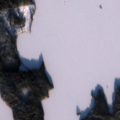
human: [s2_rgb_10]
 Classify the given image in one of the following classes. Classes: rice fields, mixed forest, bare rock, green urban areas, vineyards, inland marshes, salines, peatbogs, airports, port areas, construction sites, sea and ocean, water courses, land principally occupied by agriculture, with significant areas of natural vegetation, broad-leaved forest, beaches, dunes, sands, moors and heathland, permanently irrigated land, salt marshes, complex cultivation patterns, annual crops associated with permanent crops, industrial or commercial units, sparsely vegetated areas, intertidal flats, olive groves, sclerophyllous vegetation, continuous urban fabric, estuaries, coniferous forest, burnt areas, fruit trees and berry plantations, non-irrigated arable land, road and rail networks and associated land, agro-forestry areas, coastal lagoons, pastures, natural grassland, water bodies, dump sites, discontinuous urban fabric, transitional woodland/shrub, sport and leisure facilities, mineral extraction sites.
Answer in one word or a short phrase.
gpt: coniferous forest, water bodies
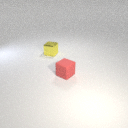
small red rubber cube in front of small yellow metal cube
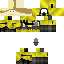
A male human skin with medium skin, wearing brown long hair dressed in a blue hoodie and black pants, featuring a closed mouth.
-----
▸ **How to complete this task**: Repeat every record above exactly, but drop the pictures.

▸ **Task solution**:
human: [s2_rgb_10]
 Classify the given image in one of the following classes. Classes: rice fields, mixed forest, bare rock, green urban areas, vineyards, inland marshes, salines, peatbogs, airports, port areas, construction sites, sea and ocean, water courses, land principally occupied by agriculture, with significant areas of natural vegetation, broad-leaved forest, beaches, dunes, sands, moors and heathland, permanently irrigated land, salt marshes, complex cultivation patterns, annual crops associated with permanent crops, industrial or commercial units, sparsely vegetated areas, intertidal flats, olive groves, sclerophyllous vegetation, continuous urban fabric, estuaries, coniferous forest, burnt areas, fruit trees and berry plantations, non-irrigated arable land, road and rail networks and associated land, agro-forestry areas, coastal lagoons, pastures, natural grassland, water bodies, dump sites, discontinuous urban fabric, transitional woodland/shrub, sport and leisure facilities, mineral extraction sites.
Answer in one word or a short phrase.
gpt: coniferous forest, water bodies
small red rubber cube in front of small yellow metal cube
A male human skin with medium skin, wearing brown long hair dressed in a blue hoodie and black pants, featuring a closed mouth.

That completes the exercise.